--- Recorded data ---
════════════════

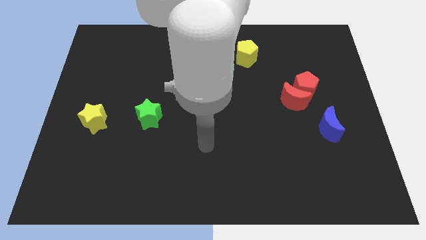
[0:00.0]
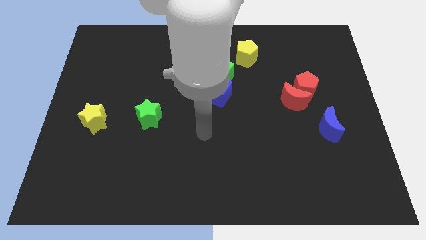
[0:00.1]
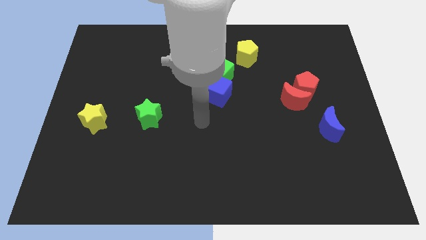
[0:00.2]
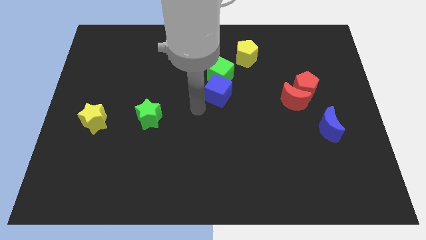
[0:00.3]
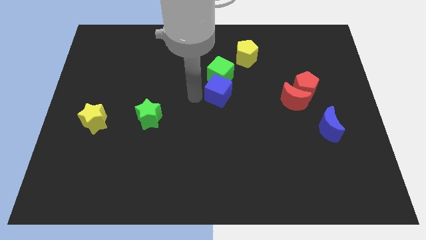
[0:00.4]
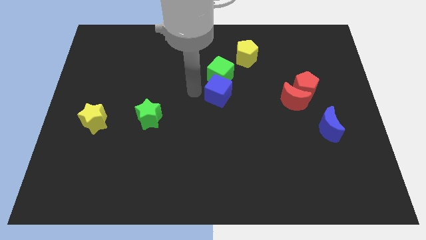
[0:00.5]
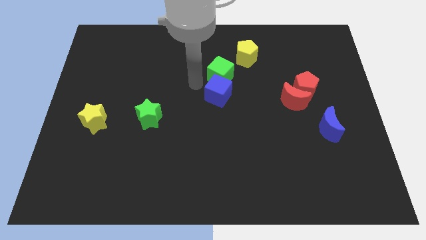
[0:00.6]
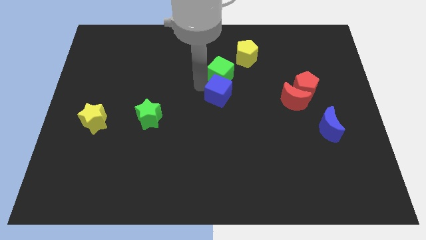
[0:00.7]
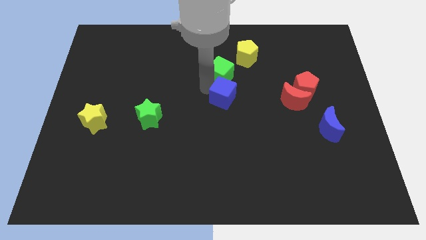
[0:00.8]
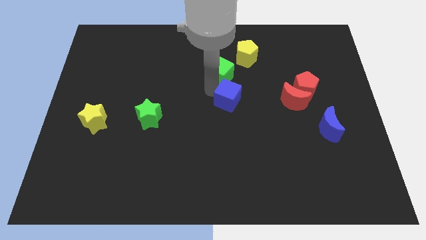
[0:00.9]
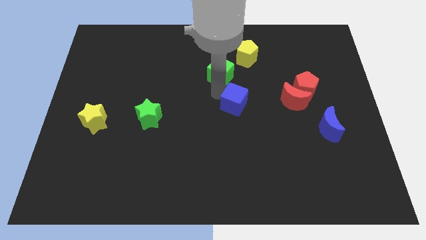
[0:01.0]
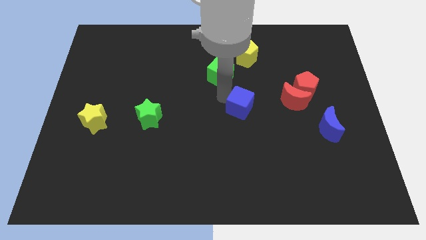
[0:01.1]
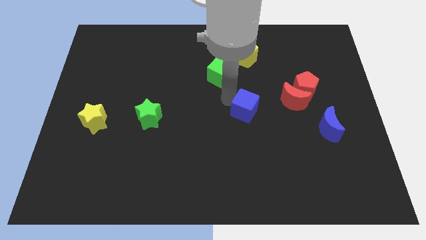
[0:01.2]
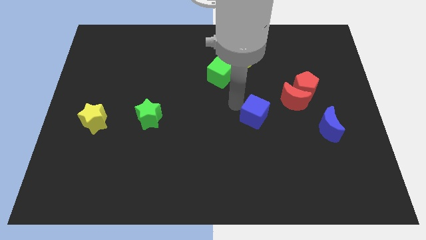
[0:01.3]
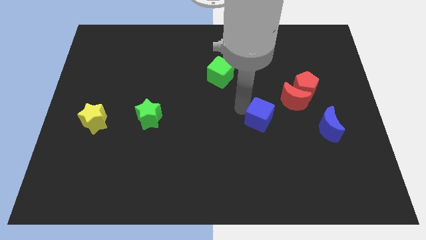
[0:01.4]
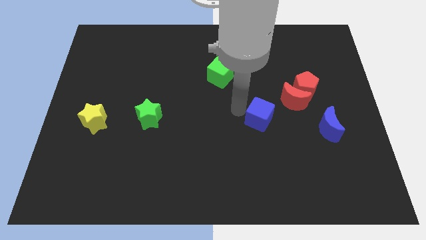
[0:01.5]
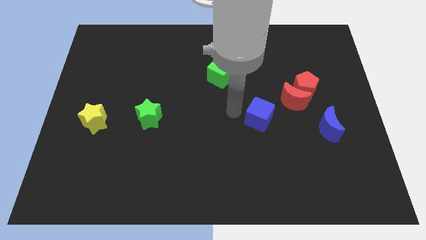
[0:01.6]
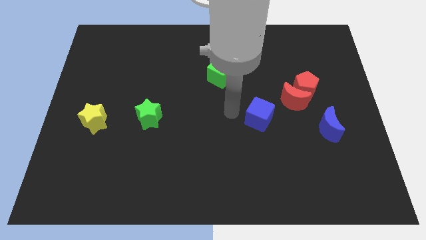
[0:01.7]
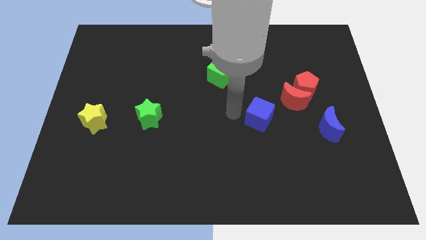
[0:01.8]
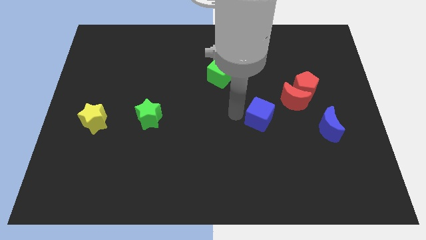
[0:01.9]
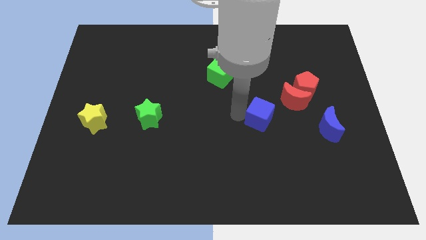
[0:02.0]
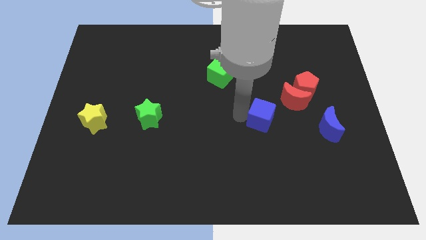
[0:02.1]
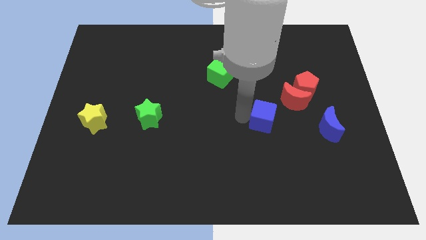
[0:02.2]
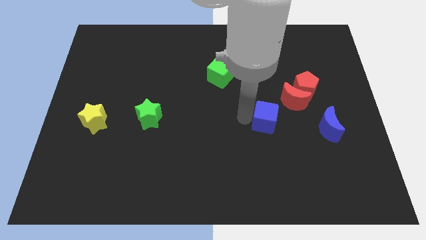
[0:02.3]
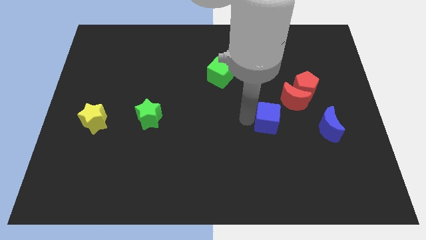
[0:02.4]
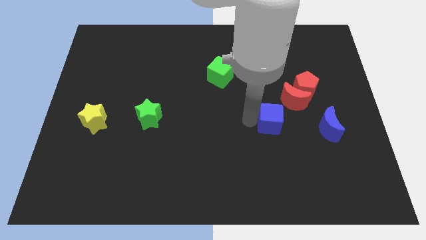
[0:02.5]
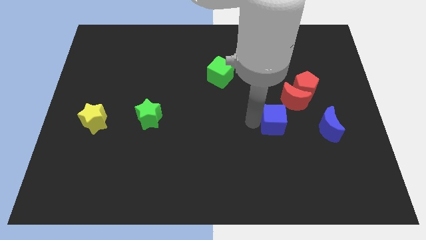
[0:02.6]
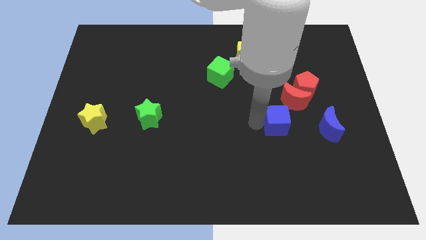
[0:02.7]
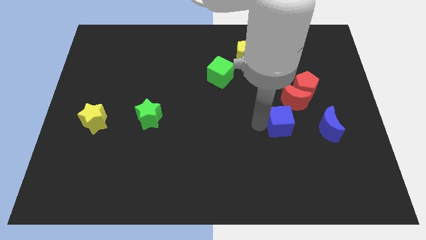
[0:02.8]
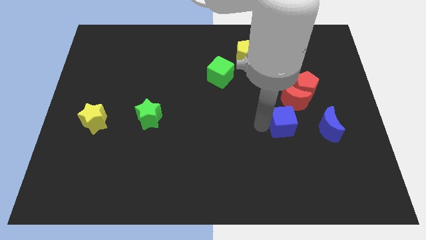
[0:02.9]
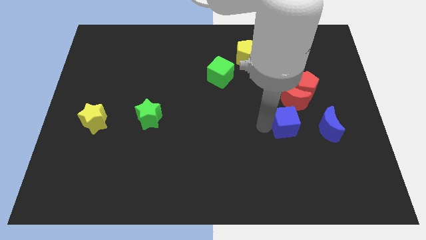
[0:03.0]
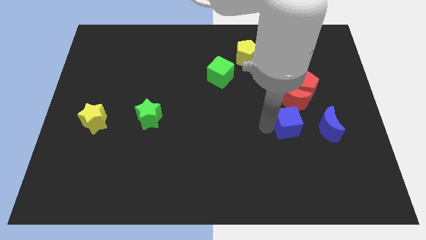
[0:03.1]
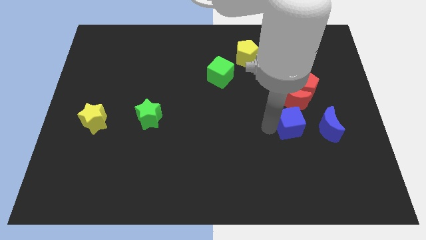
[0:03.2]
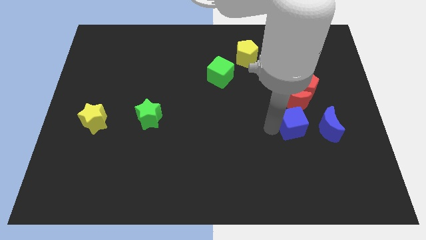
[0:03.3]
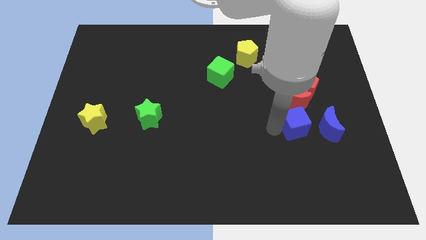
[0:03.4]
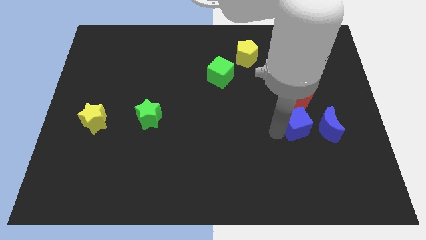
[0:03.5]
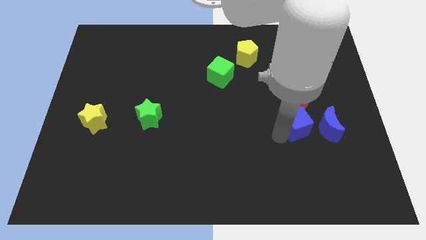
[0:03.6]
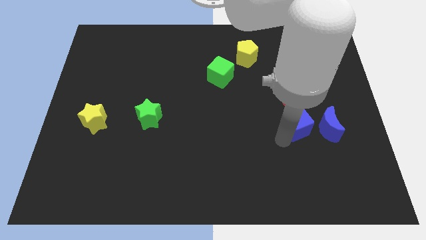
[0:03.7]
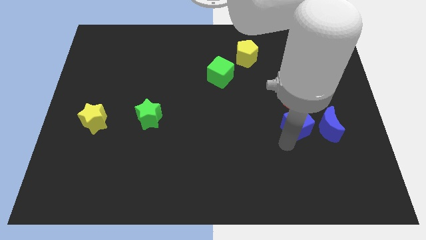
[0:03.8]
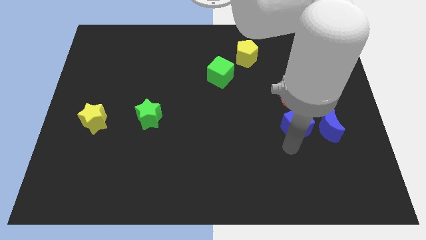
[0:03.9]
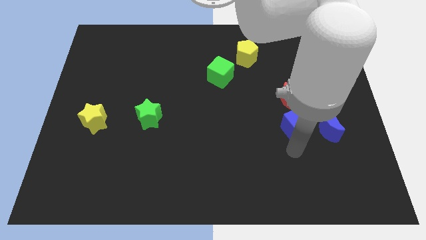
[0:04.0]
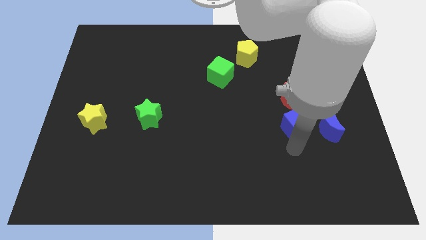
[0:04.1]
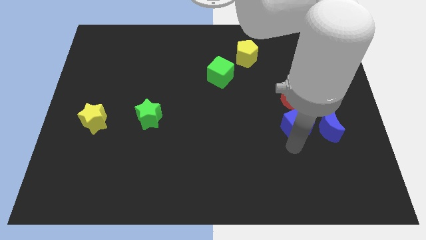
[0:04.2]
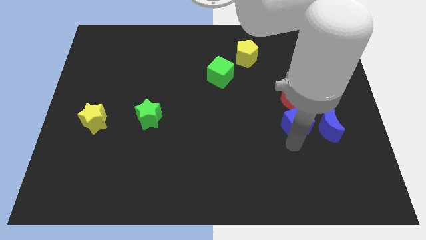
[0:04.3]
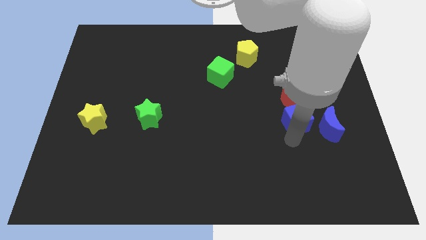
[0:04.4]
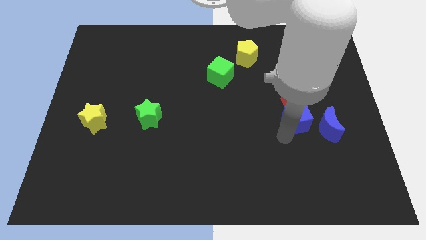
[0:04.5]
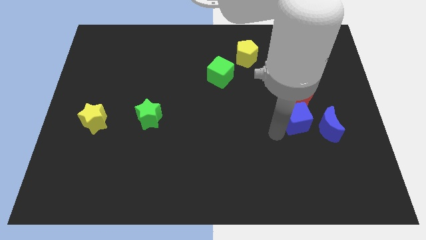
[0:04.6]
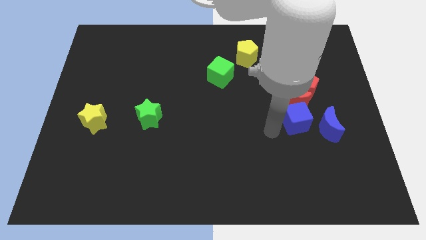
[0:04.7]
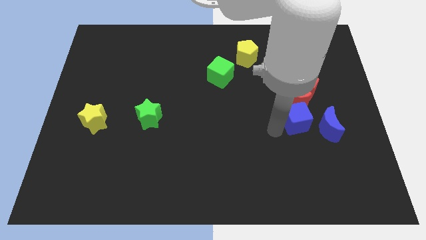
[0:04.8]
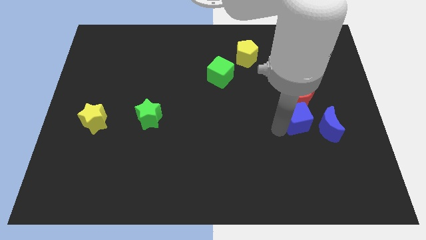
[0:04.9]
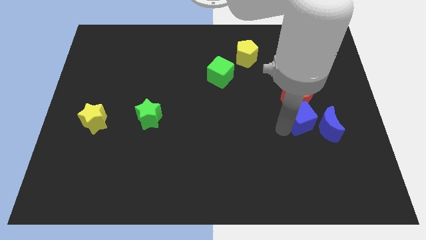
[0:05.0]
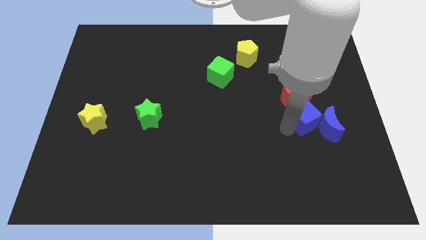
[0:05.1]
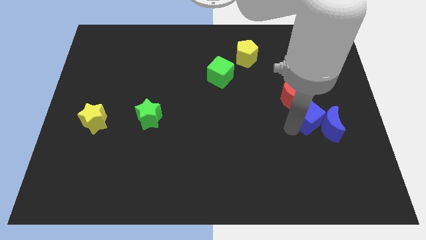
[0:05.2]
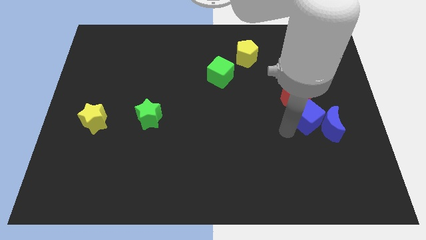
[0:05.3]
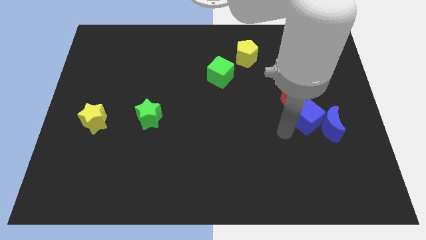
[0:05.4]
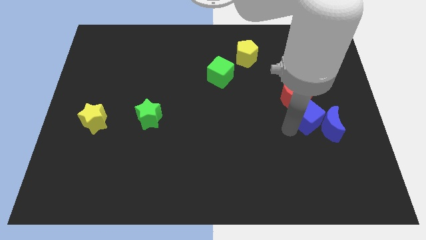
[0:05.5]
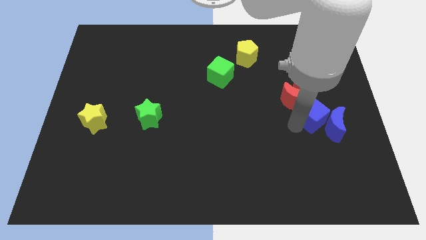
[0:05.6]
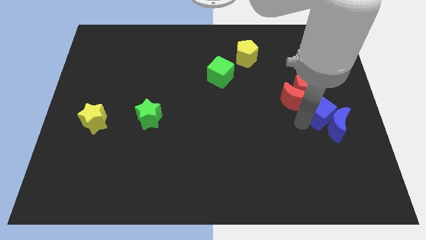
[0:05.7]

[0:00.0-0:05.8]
push the blue cube to the bottom right side of the red pentagon

════════════════

--- WHAT TO DO ---
Once the pictures are removed, return the entries exactly as they stand.

--- SOLVED PROBLEM ---
[0:00.0]
[0:00.1]
[0:00.2]
[0:00.3]
[0:00.4]
[0:00.5]
[0:00.6]
[0:00.7]
[0:00.8]
[0:00.9]
[0:01.0]
[0:01.1]
[0:01.2]
[0:01.3]
[0:01.4]
[0:01.5]
[0:01.6]
[0:01.7]
[0:01.8]
[0:01.9]
[0:02.0]
[0:02.1]
[0:02.2]
[0:02.3]
[0:02.4]
[0:02.5]
[0:02.6]
[0:02.7]
[0:02.8]
[0:02.9]
[0:03.0]
[0:03.1]
[0:03.2]
[0:03.3]
[0:03.4]
[0:03.5]
[0:03.6]
[0:03.7]
[0:03.8]
[0:03.9]
[0:04.0]
[0:04.1]
[0:04.2]
[0:04.3]
[0:04.4]
[0:04.5]
[0:04.6]
[0:04.7]
[0:04.8]
[0:04.9]
[0:05.0]
[0:05.1]
[0:05.2]
[0:05.3]
[0:05.4]
[0:05.5]
[0:05.6]
[0:05.7]

[0:00.0-0:05.8]
push the blue cube to the bottom right side of the red pentagon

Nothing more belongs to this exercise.